> Study material:
------------------------------------
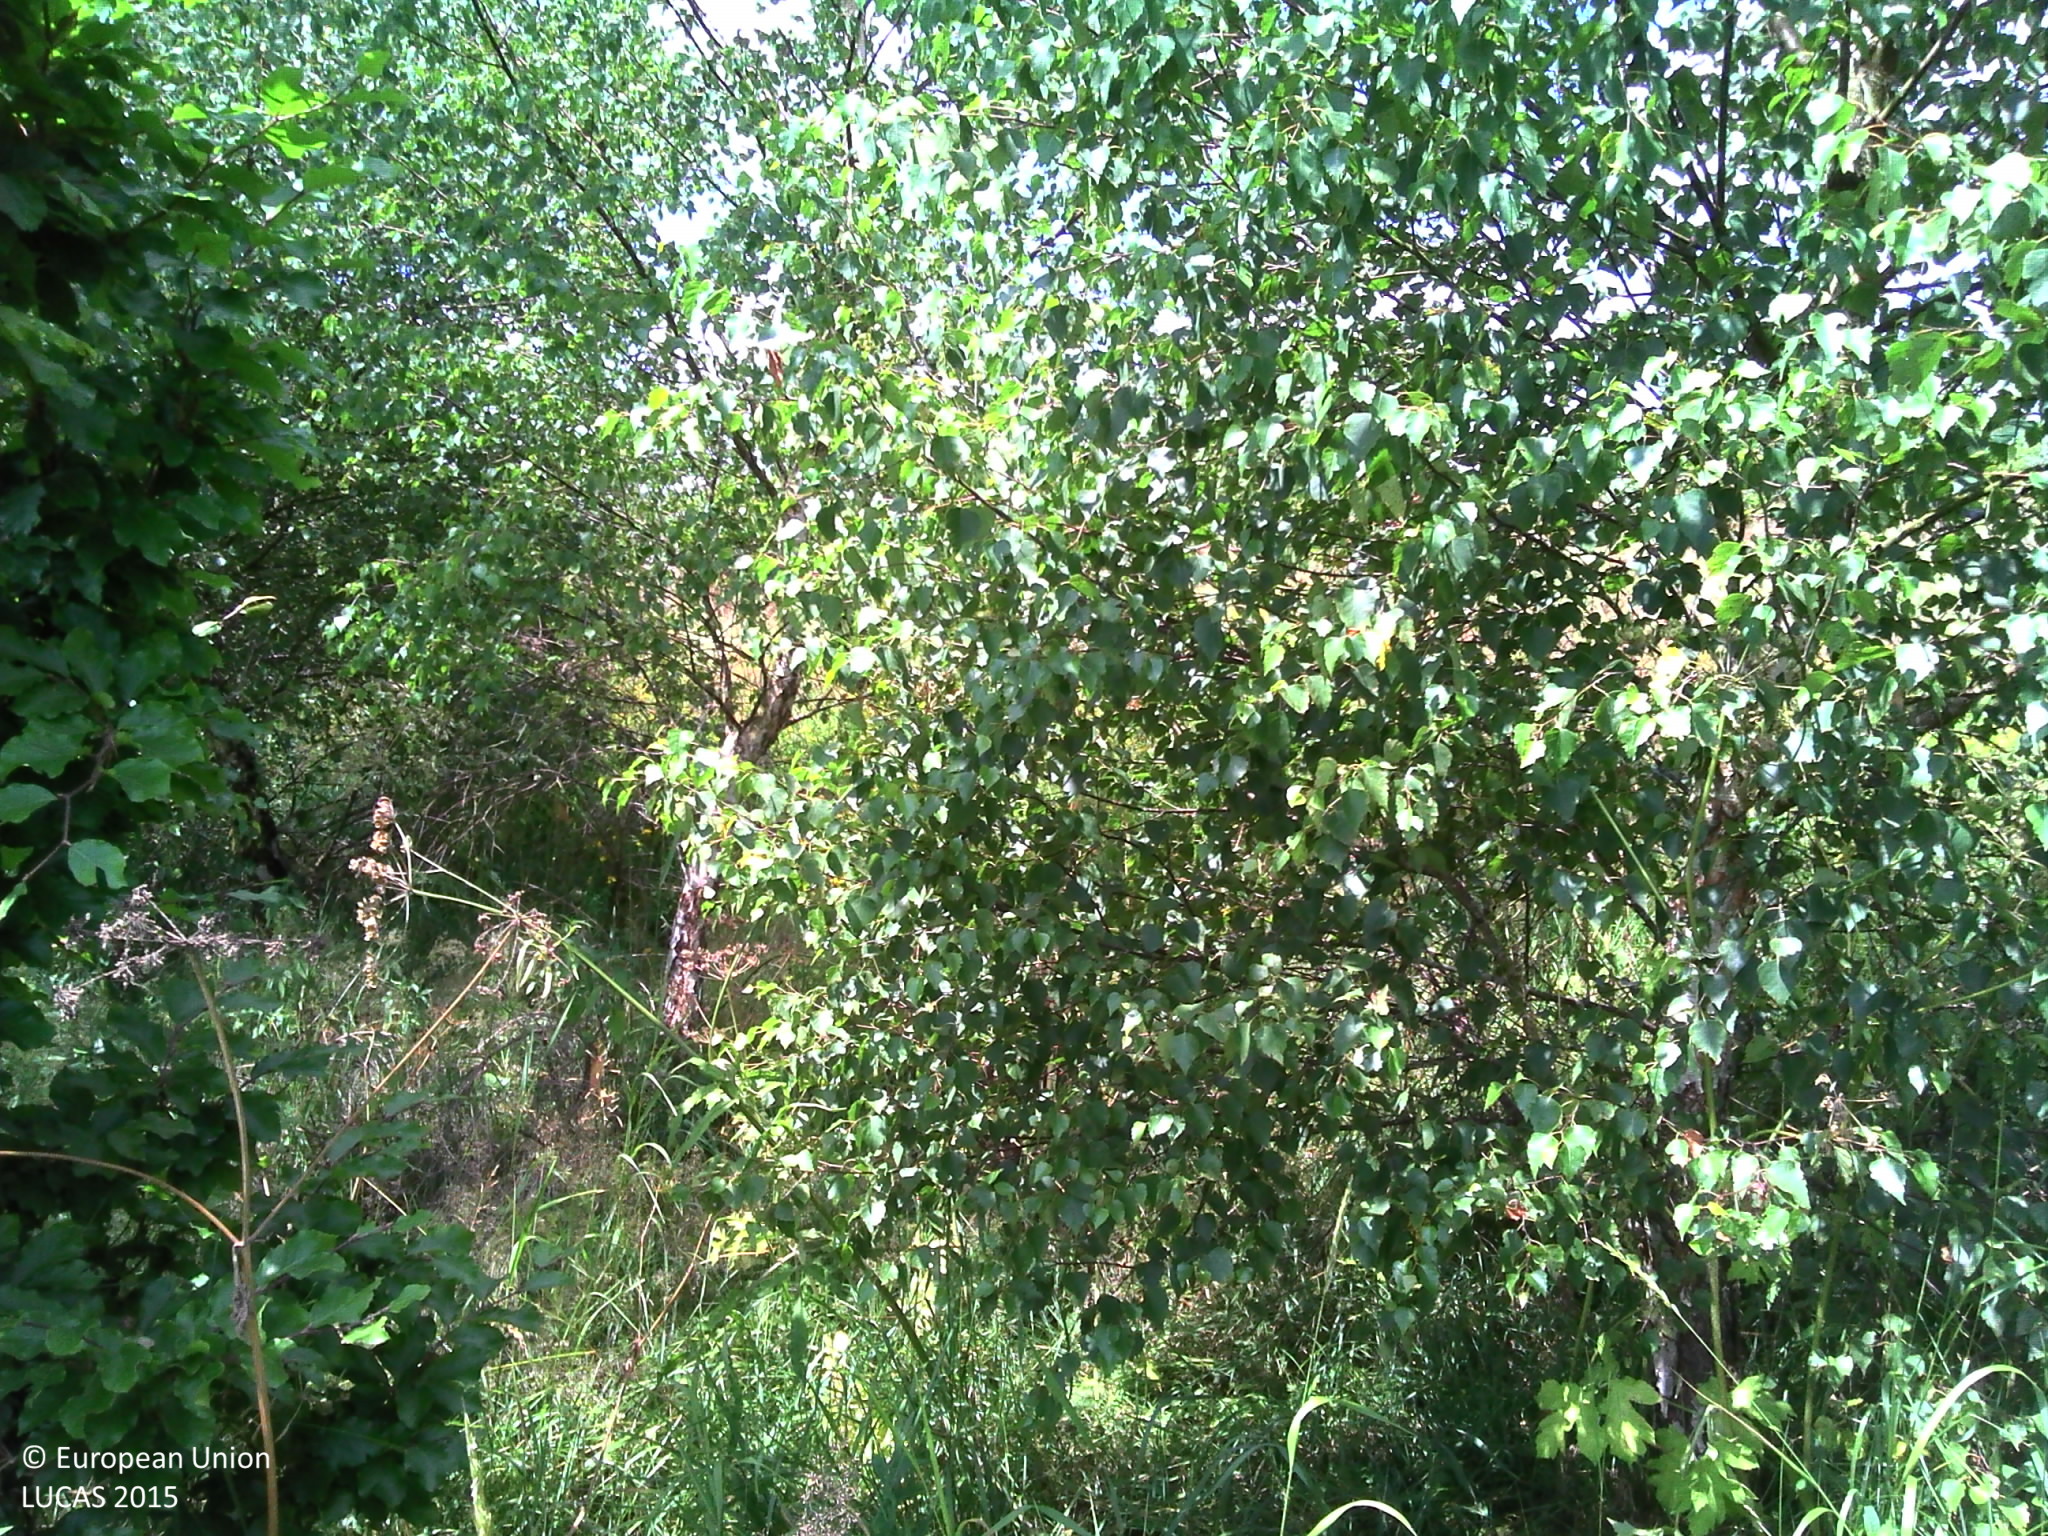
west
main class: Woodland
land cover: Broadleaved woodland
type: exotic forest
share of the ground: 10 - 25 %
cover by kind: herbaceous plants 75 %, broadleaved forest trees 20 %, shrubs 5 %
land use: Forestry
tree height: < 5 m
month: July
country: BE
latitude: 49.9989
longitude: 5.7996
------------------------------------
> Work item: Keep only the lines from the one containing "type: exotic forest" through the final line of the records, and transcribe them exactly.

> Output of the exercise:
type: exotic forest
share of the ground: 10 - 25 %
cover by kind: herbaceous plants 75 %, broadleaved forest trees 20 %, shrubs 5 %
land use: Forestry
tree height: < 5 m
month: July
country: BE
latitude: 49.9989
longitude: 5.7996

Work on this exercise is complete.